Great Useless System
0.253 0.218 Chone
0.260 0.235 Marcel
0.249 0.228 Oliver
0.236 0.235 Pecota
0.249 0.232 Zips
As we can see, Marcel got the most great forecasts. In terms of the Great/Useless ratio, Chone performed the best, with Marcel coming in second. Pecota had as many great forecasts as it did useless ones.
TEST #8 - Head-to-Head
Seeing that Chone was performing the best, I decided to do a head-to-head of Chone to Marcel for the 2480 individal forecasts.

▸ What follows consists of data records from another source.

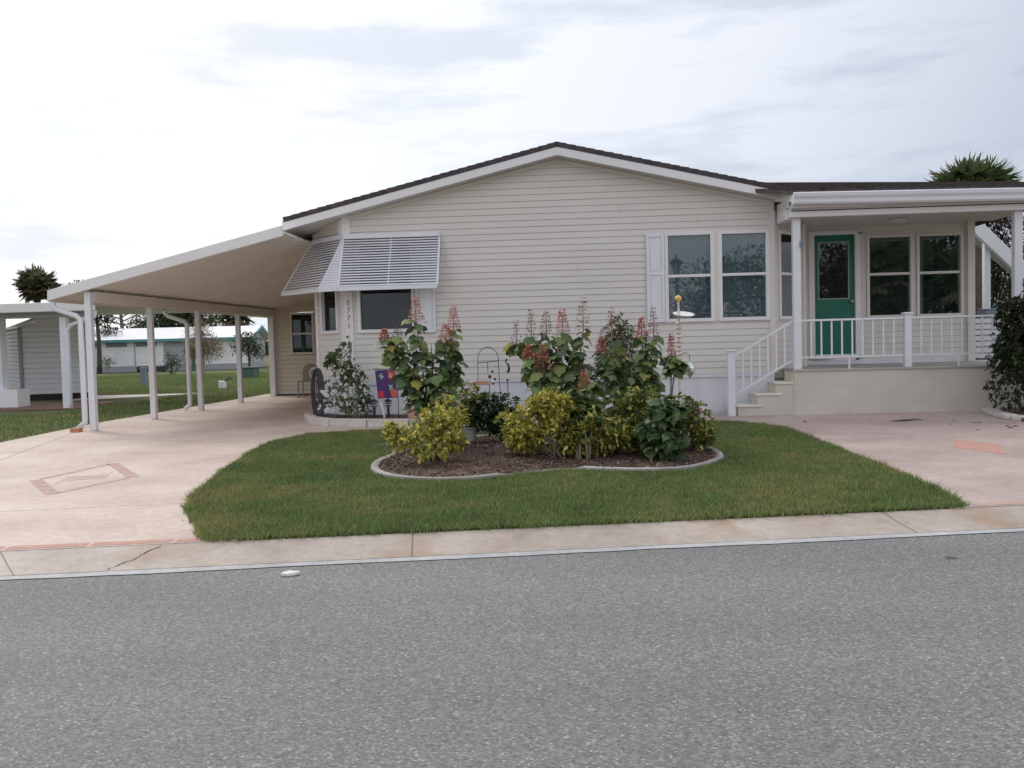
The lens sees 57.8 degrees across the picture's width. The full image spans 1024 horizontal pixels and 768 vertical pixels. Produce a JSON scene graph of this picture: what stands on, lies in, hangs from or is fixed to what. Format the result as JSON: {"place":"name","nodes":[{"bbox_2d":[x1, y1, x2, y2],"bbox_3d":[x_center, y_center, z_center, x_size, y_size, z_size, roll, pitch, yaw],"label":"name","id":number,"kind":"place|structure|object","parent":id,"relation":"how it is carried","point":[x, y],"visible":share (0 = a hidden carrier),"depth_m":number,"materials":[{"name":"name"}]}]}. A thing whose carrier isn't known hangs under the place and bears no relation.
{"place":"outdoors","nodes":[
{"label":"outdoors","id":0,"kind":"place"},
{"bbox_2d":[73,393,195,400],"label":"garden path","id":1,"kind":"structure","parent":0,"point":[117,396],"depth_m":25.48,"materials":[{"name":"concrete"}]},
{"bbox_2d":[0,394,382,551],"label":"driveway","id":2,"kind":"structure","parent":0,"point":[129,481],"depth_m":9.77,"materials":[{"name":"concrete"}]},
{"bbox_2d":[70,428,82,432],"bbox_3d":[-6.803,0.722,14.493,0.140,0.061,0.120,-1,3,3],"label":"splash brick","id":3,"kind":"object","parent":2,"relation":"on","point":[73,430],"visible":1,"depth_m":14.44,"materials":[{"name":"ceramic"}]},
{"bbox_2d":[47,226,314,430],"bbox_3d":[-5.043,-1.107,20.099,3.830,3.106,11.400,-1,3,3],"label":"carport","id":4,"kind":"object","parent":2,"relation":"on","point":[249,275],"visible":0.83,"depth_m":16.25,"materials":[{"name":"white metal"}]},
{"bbox_2d":[297,363,316,397],"bbox_3d":[-4.940,-0.088,22.685,0.480,0.824,0.552,-1,3,3],"label":"garden chair","id":5,"kind":"object","parent":2,"relation":"on","point":[305,371],"visible":0.68,"depth_m":22.87,"materials":[{"name":"beige plastic"}]},
{"bbox_2d":[304,413,315,423],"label":"edging block","id":6,"kind":"structure","parent":2,"relation":"on","point":[307,417],"depth_m":15.22,"materials":[{"name":"grey concrete"}]},
{"bbox_2d":[311,416,331,426],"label":"edging block","id":7,"kind":"structure","parent":2,"relation":"on","point":[320,421],"depth_m":14.50,"materials":[{"name":"grey concrete"}]},
{"bbox_2d":[330,418,366,426],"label":"edging block","id":8,"kind":"structure","parent":2,"relation":"on","point":[346,422],"depth_m":14.12,"materials":[{"name":"grey concrete"}]},
{"bbox_2d":[367,419,409,427],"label":"edging block","id":9,"kind":"structure","parent":2,"relation":"on","point":[374,422],"depth_m":13.91,"materials":[{"name":"grey concrete"}]},
{"bbox_2d":[0,354,782,441],"bbox_3d":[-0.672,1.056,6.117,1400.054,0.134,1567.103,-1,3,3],"label":"ground","id":10,"kind":"structure","parent":0,"point":[123,400],"depth_m":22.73,"materials":[{"name":"green plant"}]},
{"bbox_2d":[11,263,63,321],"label":"palm tree","id":11,"kind":"object","parent":10,"relation":"on","point":[35,284],"visible":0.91,"depth_m":45.79,"materials":[{"name":"green plant"}]},
{"bbox_2d":[0,401,119,410],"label":"paved strip","id":12,"kind":"object","parent":10,"relation":"on","point":[46,405],"visible":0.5,"depth_m":21.59,"materials":[{"name":"beige concrete"}]},
{"bbox_2d":[6,317,94,399],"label":"metal shed","id":13,"kind":"structure","parent":12,"relation":"on","point":[34,356],"depth_m":24.96,"materials":[{"name":"white metal"}]},
{"bbox_2d":[0,302,191,407],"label":"neighbour carport","id":14,"kind":"object","parent":12,"relation":"on","point":[14,397],"visible":0.78,"depth_m":20.75,"materials":[{"name":"metal"}]},
{"bbox_2d":[69,280,118,373],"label":"tall tree","id":15,"kind":"object","parent":10,"relation":"on","point":[97,320],"visible":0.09,"depth_m":53.34,"materials":[{"name":"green plant"}]},
{"bbox_2d":[96,356,116,373],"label":"plant","id":16,"kind":"object","parent":10,"relation":"on","point":[105,362],"visible":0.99,"depth_m":52.91,"materials":[{"name":"green plant"}]},
{"bbox_2d":[94,327,123,336],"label":"round tree","id":17,"kind":"object","parent":10,"relation":"on","point":[108,331],"visible":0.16,"depth_m":56.17,"materials":[{"name":"green plant"}]},
{"bbox_2d":[94,314,144,328],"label":"sparse pine","id":18,"kind":"object","parent":10,"relation":"on","point":[121,324],"visible":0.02,"depth_m":61.41,"materials":[{"name":"green plant"}]},
{"bbox_2d":[139,368,147,385],"bbox_3d":[-13.069,-0.256,32.945,0.220,0.650,0.240,-1,3,3],"label":"utility pedestal","id":19,"kind":"object","parent":10,"relation":"on","point":[143,376],"visible":0.89,"depth_m":32.85,"materials":[{"name":"grey metal"}]},
{"bbox_2d":[137,366,167,371],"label":"garden bench","id":20,"kind":"object","parent":10,"relation":"on","point":[160,368],"visible":0.57,"depth_m":53.74,"materials":[{"name":"black plastic"}]},
{"bbox_2d":[159,349,182,382],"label":"plant","id":21,"kind":"object","parent":10,"relation":"on","point":[171,362],"visible":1,"depth_m":34.05,"materials":[{"name":"green plant"}]},
{"bbox_2d":[124,313,231,327],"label":"oak tree","id":22,"kind":"object","parent":10,"relation":"on","point":[161,320],"visible":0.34,"depth_m":62.78,"materials":[{"name":"green plant"}]},
{"bbox_2d":[94,325,267,372],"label":"white home","id":23,"kind":"object","parent":10,"relation":"on","point":[128,348],"visible":0.3,"depth_m":55.51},
{"bbox_2d":[106,342,126,346],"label":"window","id":24,"kind":"structure","parent":23,"relation":"in","point":[123,344],"depth_m":55.06,"materials":[{"name":"glass"}]},
{"bbox_2d":[136,342,156,346],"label":"window","id":25,"kind":"structure","parent":23,"relation":"in","point":[138,344],"depth_m":55.23,"materials":[{"name":"grey glass"}]},
{"bbox_2d":[165,341,185,364],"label":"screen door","id":26,"kind":"structure","parent":23,"relation":"in","point":[173,346],"depth_m":55.47,"materials":[{"name":"grey metal"}]},
{"bbox_2d":[184,345,195,370],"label":"figure ornament","id":27,"kind":"object","parent":10,"relation":"on","point":[193,368],"visible":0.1,"depth_m":53.68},
{"bbox_2d":[179,319,227,378],"bbox_3d":[-12.901,-1.404,38.777,1.917,2.603,1.825,-4,3,-38],"label":"young oak","id":28,"kind":"object","parent":10,"relation":"on","point":[205,352],"visible":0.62,"depth_m":38.71,"materials":[{"name":"green plant"}]},
{"bbox_2d":[218,377,231,388],"bbox_3d":[-8.988,-0.049,29.106,0.434,0.376,0.240,-1,3,3],"label":"capped pipe","id":29,"kind":"object","parent":10,"relation":"on","point":[222,384],"visible":0.92,"depth_m":29.04,"materials":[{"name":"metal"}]},
{"bbox_2d":[213,315,255,325],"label":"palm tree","id":30,"kind":"object","parent":10,"relation":"on","point":[246,319],"visible":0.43,"depth_m":68.74,"materials":[{"name":"green plant"}]},
{"bbox_2d":[228,331,267,366],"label":"tree","id":31,"kind":"object","parent":10,"relation":"on","point":[247,345],"visible":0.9,"depth_m":51.27,"materials":[{"name":"green plant"}]},
{"bbox_2d":[242,366,259,377],"bbox_3d":[-11.118,-0.499,39.288,0.730,0.450,0.800,-1,3,3],"label":"utility box","id":32,"kind":"object","parent":10,"relation":"on","point":[250,371],"visible":0.66,"depth_m":38.94,"materials":[{"name":"green metal"}]},
{"bbox_2d":[265,338,268,354],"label":"trees","id":33,"kind":"object","parent":10,"relation":"on","point":[266,347],"depth_m":156.61,"materials":[{"name":"green plant"}]},
{"bbox_2d":[312,409,605,418],"bbox_3d":[-0.865,0.551,14.612,5.408,0.110,1.656,-1,3,11],"label":"front mulch bed","id":34,"kind":"object","parent":10,"relation":"on","point":[391,417],"visible":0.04,"depth_m":14.82,"materials":[{"name":"brown wood"}]},
{"bbox_2d":[309,367,332,415],"bbox_3d":[-3.134,0.150,15.221,0.384,0.870,0.169,-1,3,3],"label":"hose holder","id":35,"kind":"object","parent":34,"relation":"on","point":[317,372],"visible":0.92,"depth_m":15.17,"materials":[{"name":"black plastic"}]},
{"bbox_2d":[315,331,373,417],"bbox_3d":[-2.593,-0.105,14.580,0.888,1.470,0.673,-1,3,3],"label":"white flowered bush","id":36,"kind":"object","parent":34,"relation":"on","point":[346,376],"visible":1,"depth_m":14.59,"materials":[{"name":"green plant"}]},
{"bbox_2d":[370,399,377,417],"bbox_3d":[-2.166,0.381,14.586,0.140,0.300,0.140,-1,3,3],"label":"path light","id":37,"kind":"object","parent":34,"relation":"on","point":[374,403],"visible":0.99,"depth_m":14.56,"materials":[{"name":"black plastic"}]},
{"bbox_2d":[380,402,384,417],"bbox_3d":[-2.014,0.404,14.428,0.085,0.266,0.040,-1,3,3],"label":"garden spike","id":38,"kind":"object","parent":34,"relation":"on","point":[382,409],"visible":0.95,"depth_m":14.41,"materials":[{"name":"white plastic"}]},
{"bbox_2d":[375,369,398,416],"bbox_3d":[-1.952,0.154,14.442,0.376,0.796,0.038,-1,3,1],"label":"garden flag","id":39,"kind":"object","parent":34,"relation":"on","point":[386,388],"visible":0.86,"depth_m":14.44,"materials":[{"name":"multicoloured fabric"}]},
{"bbox_2d":[384,398,391,416],"bbox_3d":[-1.946,0.375,14.593,0.140,0.300,0.140,-1,3,3],"label":"path light","id":40,"kind":"object","parent":34,"relation":"on","point":[387,403],"visible":0.98,"depth_m":14.57,"materials":[{"name":"black plastic"}]},
{"bbox_2d":[407,407,415,417],"bbox_3d":[-1.558,0.441,14.353,0.170,0.170,0.170,-1,3,3],"label":"clay pot","id":41,"kind":"object","parent":34,"relation":"on","point":[411,414],"visible":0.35,"depth_m":14.30,"materials":[{"name":"pink ceramic"}]},
{"bbox_2d":[477,347,500,401],"bbox_3d":[-0.359,-0.022,14.546,0.381,1.116,0.060,-1,3,3],"label":"arched trellis","id":42,"kind":"object","parent":34,"relation":"on","point":[490,376],"visible":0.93,"depth_m":14.54,"materials":[{"name":"metal"}]},
{"bbox_2d":[474,381,490,384],"bbox_3d":[-0.465,-0.017,14.539,0.260,0.060,0.018,-1,3,3],"label":"hanging sign","id":43,"kind":"object","parent":42,"relation":"hanging from","point":[483,382],"visible":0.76,"depth_m":14.53,"materials":[{"name":"brown wood"}]},
{"bbox_2d":[505,359,509,402],"bbox_3d":[-0.058,0.063,14.545,0.076,0.929,0.057,0,3,22],"label":"bird stake","id":44,"kind":"object","parent":34,"relation":"on","point":[508,371],"visible":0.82,"depth_m":14.52,"materials":[{"name":"black metal"}]},
{"bbox_2d":[0,506,1023,579],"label":"kerb","id":45,"kind":"structure","parent":10,"relation":"on","point":[114,558],"depth_m":5.94,"materials":[{"name":"concrete"}]},
{"bbox_2d":[486,414,723,426],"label":"walkway","id":46,"kind":"structure","parent":10,"relation":"on","point":[708,418],"depth_m":14.14,"materials":[{"name":"beige concrete"}]},
{"bbox_2d":[267,141,1023,415],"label":"mobile home","id":47,"kind":"object","parent":10,"relation":"on","point":[863,301],"visible":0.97,"depth_m":14.88,"materials":[{"name":"plastic"}]},
{"bbox_2d":[289,312,314,354],"bbox_3d":[-5.381,-1.298,23.828,0.620,1.070,0.105,-1,3,3],"label":"window","id":48,"kind":"structure","parent":47,"relation":"in","point":[301,324],"depth_m":23.83,"materials":[{"name":"white"}]},
{"bbox_2d":[318,245,339,333],"bbox_3d":[-3.048,-1.567,15.518,0.105,1.460,0.560,-4,4,-42],"label":"window","id":49,"kind":"structure","parent":47,"relation":"in","point":[329,317],"depth_m":15.60,"materials":[{"name":"white"}]},
{"bbox_2d":[355,240,415,332],"bbox_3d":[-2.056,-1.578,15.096,0.950,1.480,0.105,-1,3,3],"label":"window","id":50,"kind":"structure","parent":47,"relation":"in","point":[377,310],"depth_m":15.12,"materials":[{"name":"white"}]},
{"bbox_2d":[664,231,714,322],"bbox_3d":[2.830,-1.708,14.831,0.780,1.430,0.160,-1,3,3],"label":"window","id":51,"kind":"structure","parent":47,"relation":"in","point":[688,256],"depth_m":14.87,"materials":[{"name":"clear glass"}]},
{"bbox_2d":[718,229,769,320],"bbox_3d":[3.686,-1.728,14.780,0.795,1.430,0.160,-1,3,3],"label":"window","id":52,"kind":"structure","parent":47,"relation":"in","point":[744,264],"depth_m":14.82,"materials":[{"name":"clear glass"}]},
{"bbox_2d":[778,230,800,319],"bbox_3d":[4.469,-1.757,15.014,0.630,1.425,0.105,-4,4,-42],"label":"window","id":53,"kind":"structure","parent":47,"relation":"in","point":[784,237],"depth_m":14.98,"materials":[{"name":"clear glass"}]},
{"bbox_2d":[814,234,854,354],"bbox_3d":[5.574,-1.542,16.037,0.685,2.055,0.110,-1,3,3],"label":"door","id":54,"kind":"structure","parent":47,"relation":"in","point":[833,254],"depth_m":16.05,"materials":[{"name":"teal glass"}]},
{"bbox_2d":[866,233,913,317],"bbox_3d":[6.503,-1.857,15.985,0.790,1.430,0.105,-1,3,3],"label":"window","id":55,"kind":"structure","parent":47,"relation":"in","point":[911,236],"depth_m":15.95,"materials":[{"name":"white plastic"}]},
{"bbox_2d":[916,232,963,316],"bbox_3d":[7.341,-1.876,15.935,0.790,1.430,0.105,-1,3,3],"label":"window","id":56,"kind":"structure","parent":47,"relation":"in","point":[961,234],"depth_m":15.90,"materials":[{"name":"white plastic"}]},
{"bbox_2d":[713,411,1023,508],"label":"parking pad","id":57,"kind":"object","parent":10,"relation":"on","point":[962,454],"visible":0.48,"depth_m":10.14,"materials":[{"name":"concrete"}]},
{"bbox_2d":[893,419,922,421],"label":"fallen twig","id":58,"kind":"object","parent":57,"relation":"on","point":[906,420],"visible":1,"depth_m":12.73,"materials":[{"name":"wood"}]},
{"bbox_2d":[981,407,1001,414],"bbox_3d":[7.012,0.400,13.558,0.170,0.070,0.592,-1,3,15],"label":"edging stone","id":59,"kind":"object","parent":57,"relation":"on","point":[989,411],"visible":0.68,"depth_m":13.47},
{"bbox_2d":[992,411,1017,419],"bbox_3d":[6.842,0.435,12.882,0.170,0.070,0.553,-1,3,10],"label":"edging stone","id":60,"kind":"object","parent":57,"relation":"on","point":[1004,415],"visible":0.83,"depth_m":12.78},
{"bbox_2d":[999,408,1023,421],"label":"hedge mulch","id":61,"kind":"object","parent":57,"relation":"on","point":[1016,411],"visible":0.38,"depth_m":13.34,"materials":[{"name":"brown wood"}]},
{"bbox_2d":[982,283,1023,411],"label":"dark hedge bush","id":62,"kind":"object","parent":61,"relation":"on","point":[1010,356],"visible":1,"depth_m":13.02,"materials":[{"name":"green plant"}]},
{"bbox_2d":[1012,415,1023,420],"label":"edging stone","id":63,"kind":"object","parent":57,"relation":"on","point":[1016,417],"visible":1,"depth_m":12.42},
{"bbox_2d":[925,150,1023,359],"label":"palm tree","id":64,"kind":"object","parent":10,"relation":"on","point":[970,169],"visible":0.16,"depth_m":23.16,"materials":[{"name":"green plant"}]},
{"bbox_2d":[975,318,1001,361],"bbox_3d":[8.586,-0.508,16.952,0.780,1.500,0.060,-1,3,3],"label":"white lattice screen","id":65,"kind":"object","parent":10,"relation":"on","point":[985,332],"visible":0.03,"depth_m":16.92,"materials":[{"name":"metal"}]},
{"bbox_2d":[975,224,1023,308],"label":"neighbour lean to","id":66,"kind":"object","parent":10,"relation":"on","point":[989,243],"visible":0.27,"depth_m":19.42,"materials":[{"name":"white metal"}]},
{"bbox_2d":[985,216,1023,308],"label":"vine clump","id":67,"kind":"object","parent":10,"relation":"on","point":[999,274],"visible":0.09,"depth_m":24.13,"materials":[{"name":"green plant"}]},
{"bbox_2d":[0,532,1023,767],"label":"road","id":68,"kind":"structure","parent":0,"point":[903,652],"depth_m":3.78,"materials":[{"name":"grey asphalt"}]},
{"bbox_2d":[281,570,300,576],"bbox_3d":[-1.270,1.085,5.316,0.085,0.019,0.084,0,3,24],"label":"paper scrap","id":69,"kind":"object","parent":68,"relation":"on","point":[288,573],"visible":1,"depth_m":5.29,"materials":[{"name":"white paper"}]},
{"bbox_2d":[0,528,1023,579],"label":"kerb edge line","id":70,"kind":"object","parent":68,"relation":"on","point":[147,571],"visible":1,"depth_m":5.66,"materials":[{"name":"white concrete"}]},
{"bbox_2d":[0,0,1023,331],"label":"sky","id":71,"kind":"structure","parent":0,"point":[133,132],"materials":[{"name":"white"}]},
{"bbox_2d":[178,418,970,542],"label":"lawn grass","id":72,"kind":"structure","parent":0,"point":[294,466],"depth_m":7.46,"materials":[{"name":"green plant"}]},
{"bbox_2d":[371,434,723,481],"bbox_3d":[0.404,0.743,10.137,3.615,0.052,3.914,-1,3,3],"label":"island edging","id":73,"kind":"object","parent":72,"relation":"on","point":[377,469],"visible":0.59,"depth_m":8.58,"materials":[{"name":"concrete"}]},
{"bbox_2d":[378,434,717,478],"bbox_3d":[0.403,0.708,10.136,3.519,0.082,3.819,-1,3,3],"label":"mulch bed","id":74,"kind":"object","parent":72,"relation":"on","point":[473,467],"visible":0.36,"depth_m":9.13,"materials":[{"name":"brown wood"}]},
{"bbox_2d":[374,297,468,447],"bbox_3d":[-1.022,-0.117,10.542,1.057,1.754,0.534,-1,3,3],"label":"pagoda plant","id":75,"kind":"object","parent":74,"relation":"on","point":[412,385],"visible":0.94,"depth_m":10.51,"materials":[{"name":"green plant"}]},
{"bbox_2d":[380,394,470,464],"bbox_3d":[-0.823,0.464,9.336,0.796,0.727,0.837,1,4,42],"label":"gold shrub","id":76,"kind":"object","parent":74,"relation":"on","point":[452,422],"visible":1,"depth_m":9.25,"materials":[{"name":"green plant"}]},
{"bbox_2d":[434,380,481,441],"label":"gold shrub","id":77,"kind":"object","parent":74,"relation":"on","point":[463,391],"visible":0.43,"depth_m":10.94,"materials":[{"name":"green plant"}]},
{"bbox_2d":[459,390,525,441],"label":"potted plant","id":78,"kind":"object","parent":74,"relation":"on","point":[479,416],"visible":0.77,"depth_m":10.96,"materials":[{"name":"green plant"}]},
{"bbox_2d":[493,386,599,457],"bbox_3d":[0.355,0.406,9.530,1.112,0.771,0.739,-1,3,3],"label":"gold shrub","id":79,"kind":"object","parent":74,"relation":"on","point":[516,438],"visible":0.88,"depth_m":9.41,"materials":[{"name":"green plant"}]},
{"bbox_2d":[503,296,606,443],"bbox_3d":[0.451,-0.108,10.160,1.134,1.700,0.768,-1,3,3],"label":"pagoda plant","id":80,"kind":"object","parent":74,"relation":"on","point":[537,376],"visible":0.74,"depth_m":10.20,"materials":[{"name":"green plant"}]},
{"bbox_2d":[555,386,606,460],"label":"broadleaf bush","id":81,"kind":"object","parent":74,"relation":"on","point":[581,398],"visible":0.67,"depth_m":9.46,"materials":[{"name":"green plant"}]},
{"bbox_2d":[552,404,636,457],"bbox_3d":[0.838,0.495,9.374,0.874,0.578,0.538,-1,3,3],"label":"gold shrub","id":82,"kind":"object","parent":74,"relation":"on","point":[612,443],"visible":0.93,"depth_m":9.28,"materials":[{"name":"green plant"}]},
{"bbox_2d":[593,312,643,398],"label":"plant","id":83,"kind":"object","parent":74,"relation":"on","point":[619,329],"visible":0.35,"depth_m":13.15,"materials":[{"name":"green plant"}]},
{"bbox_2d":[585,382,662,453],"bbox_3d":[1.151,0.374,9.655,0.827,0.781,0.882,1,3,40],"label":"gold shrub","id":84,"kind":"object","parent":74,"relation":"on","point":[632,415],"visible":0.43,"depth_m":9.56,"materials":[{"name":"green plant"}]},
{"bbox_2d":[590,306,666,442],"bbox_3d":[1.281,-0.072,10.160,0.842,1.580,0.515,-1,3,3],"label":"pagoda plant","id":85,"kind":"object","parent":74,"relation":"on","point":[620,377],"visible":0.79,"depth_m":10.10,"materials":[{"name":"green plant"}]},
{"bbox_2d":[634,394,694,460],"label":"broadleaf bush","id":86,"kind":"object","parent":74,"relation":"on","point":[660,427],"visible":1,"depth_m":9.04,"materials":[{"name":"green plant"}]},
{"bbox_2d":[659,332,689,434],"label":"pagoda plant","id":87,"kind":"object","parent":74,"relation":"on","point":[675,366],"visible":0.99,"depth_m":10.37,"materials":[{"name":"green plant"}]},
{"bbox_2d":[669,392,717,449],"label":"gold shrub","id":88,"kind":"object","parent":74,"relation":"on","point":[701,435],"visible":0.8,"depth_m":9.73,"materials":[{"name":"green plant"}]},
{"bbox_2d":[673,295,694,432],"bbox_3d":[2.045,-0.207,10.977,0.259,1.688,0.252,-1,3,3],"label":"ornament pole","id":89,"kind":"object","parent":72,"relation":"on","point":[678,313],"visible":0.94,"depth_m":10.97,"materials":[{"name":"white metal"}]},
{"bbox_2d":[686,362,694,377],"bbox_3d":[2.098,-0.163,10.941,0.122,0.200,0.122,-2,3,-19],"label":"hanging lantern","id":90,"kind":"object","parent":89,"relation":"hanging from","point":[691,369],"visible":0.81,"depth_m":10.90,"materials":[{"name":"white glass"}]},
{"bbox_2d":[977,308,997,359],"bbox_3d":[9.393,-0.660,18.271,0.300,1.640,0.400,-1,3,3],"label":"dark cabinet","id":91,"kind":"object","parent":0,"point":[991,311],"visible":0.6,"depth_m":18.08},
{"bbox_2d":[991,270,1023,326],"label":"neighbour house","id":92,"kind":"structure","parent":0,"point":[1006,296],"depth_m":29.05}
]}

I counted as a win for a system if it had a forecasted error that was at least 10 points better than its opponent, and that its forecasted error x 1.5 was less than its opponent. As an example, if Chone’s forecasted error for Evan Longoria was 25 points and Marcel’s was 36 points, I called that a tie. If it was 15 and 26, I called that a win.
I weighted the “games” by the number of actual PA.
They tied in 74% of the matchups. That is, in 74% of the forecasts, the forecasts were too close to call. Counting ties as half a win, the overall win% of Marcel was .501 against Chone. That is, pretty much, the two systems were equal by this measure.
CONCLUSION
To the extent that we want to declare a winner, Chone seems to have done the best, overall, and in some various breakdowns.
But, all the four systems performed very well, both against each other and against Marcel. The strong showing of Marcel serves as a cautionary note that it would be very difficult for a forecasting system to stand alone as the best. They are all very close, and there’s little to distinguish between them.



Good stuff.
These really are close. Tango, do you have the data set (better yet, do you have the dataset including individual stats like BB, H, HR…)?